Task item: Give the entries again, word for word.

Study material:
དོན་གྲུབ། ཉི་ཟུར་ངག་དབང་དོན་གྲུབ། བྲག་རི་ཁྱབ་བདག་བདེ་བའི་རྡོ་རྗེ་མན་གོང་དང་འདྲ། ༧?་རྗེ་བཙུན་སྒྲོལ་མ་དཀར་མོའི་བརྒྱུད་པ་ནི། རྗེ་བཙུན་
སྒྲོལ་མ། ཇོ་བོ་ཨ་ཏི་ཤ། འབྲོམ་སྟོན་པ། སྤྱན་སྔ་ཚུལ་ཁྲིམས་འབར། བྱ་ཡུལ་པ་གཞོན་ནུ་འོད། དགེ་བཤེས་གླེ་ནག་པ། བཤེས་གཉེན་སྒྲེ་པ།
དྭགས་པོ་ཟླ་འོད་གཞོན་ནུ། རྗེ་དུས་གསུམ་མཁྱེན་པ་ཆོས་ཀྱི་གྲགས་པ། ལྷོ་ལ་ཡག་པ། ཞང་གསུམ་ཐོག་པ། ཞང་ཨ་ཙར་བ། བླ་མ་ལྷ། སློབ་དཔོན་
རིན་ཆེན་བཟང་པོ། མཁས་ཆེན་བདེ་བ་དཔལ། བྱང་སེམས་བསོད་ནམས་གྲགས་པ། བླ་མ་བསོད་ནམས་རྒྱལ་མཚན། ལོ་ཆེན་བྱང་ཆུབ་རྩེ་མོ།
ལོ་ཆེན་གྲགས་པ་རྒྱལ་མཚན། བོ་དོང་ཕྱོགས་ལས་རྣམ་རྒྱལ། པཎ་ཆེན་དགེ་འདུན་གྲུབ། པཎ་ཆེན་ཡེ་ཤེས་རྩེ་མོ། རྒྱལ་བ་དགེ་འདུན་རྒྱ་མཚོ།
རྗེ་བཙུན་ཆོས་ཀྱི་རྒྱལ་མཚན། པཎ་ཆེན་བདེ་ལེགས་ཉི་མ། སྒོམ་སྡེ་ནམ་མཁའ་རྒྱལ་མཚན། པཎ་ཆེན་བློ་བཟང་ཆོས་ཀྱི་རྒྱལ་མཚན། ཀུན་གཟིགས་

Solution to this task:
དོན་གྲུབ། ཉི་ཟུར་ངག་དབང་དོན་གྲུབ། བྲག་རི་ཁྱབ་བདག་བདེ་བའི་རྡོ་རྗེ་མན་གོང་དང་འདྲ། ༧?་རྗེ་བཙུན་སྒྲོལ་མ་དཀར་མོའི་བརྒྱུད་པ་ནི། རྗེ་བཙུན་
སྒྲོལ་མ། ཇོ་བོ་ཨ་ཏི་ཤ། འབྲོམ་སྟོན་པ། སྤྱན་སྔ་ཚུལ་ཁྲིམས་འབར། བྱ་ཡུལ་པ་གཞོན་ནུ་འོད། དགེ་བཤེས་གླེ་ནག་པ། བཤེས་གཉེན་སྒྲེ་པ།
དྭགས་པོ་ཟླ་འོད་གཞོན་ནུ། རྗེ་དུས་གསུམ་མཁྱེན་པ་ཆོས་ཀྱི་གྲགས་པ། ལྷོ་ལ་ཡག་པ། ཞང་གསུམ་ཐོག་པ། ཞང་ཨ་ཙར་བ། བླ་མ་ལྷ། སློབ་དཔོན་
རིན་ཆེན་བཟང་པོ། མཁས་ཆེན་བདེ་བ་དཔལ། བྱང་སེམས་བསོད་ནམས་གྲགས་པ། བླ་མ་བསོད་ནམས་རྒྱལ་མཚན། ལོ་ཆེན་བྱང་ཆུབ་རྩེ་མོ།
ལོ་ཆེན་གྲགས་པ་རྒྱལ་མཚན། བོ་དོང་ཕྱོགས་ལས་རྣམ་རྒྱལ། པཎ་ཆེན་དགེ་འདུན་གྲུབ། པཎ་ཆེན་ཡེ་ཤེས་རྩེ་མོ། རྒྱལ་བ་དགེ་འདུན་རྒྱ་མཚོ།
རྗེ་བཙུན་ཆོས་ཀྱི་རྒྱལ་མཚན། པཎ་ཆེན་བདེ་ལེགས་ཉི་མ། སྒོམ་སྡེ་ནམ་མཁའ་རྒྱལ་མཚན། པཎ་ཆེན་བློ་བཟང་ཆོས་ཀྱི་རྒྱལ་མཚན། ཀུན་གཟིགས་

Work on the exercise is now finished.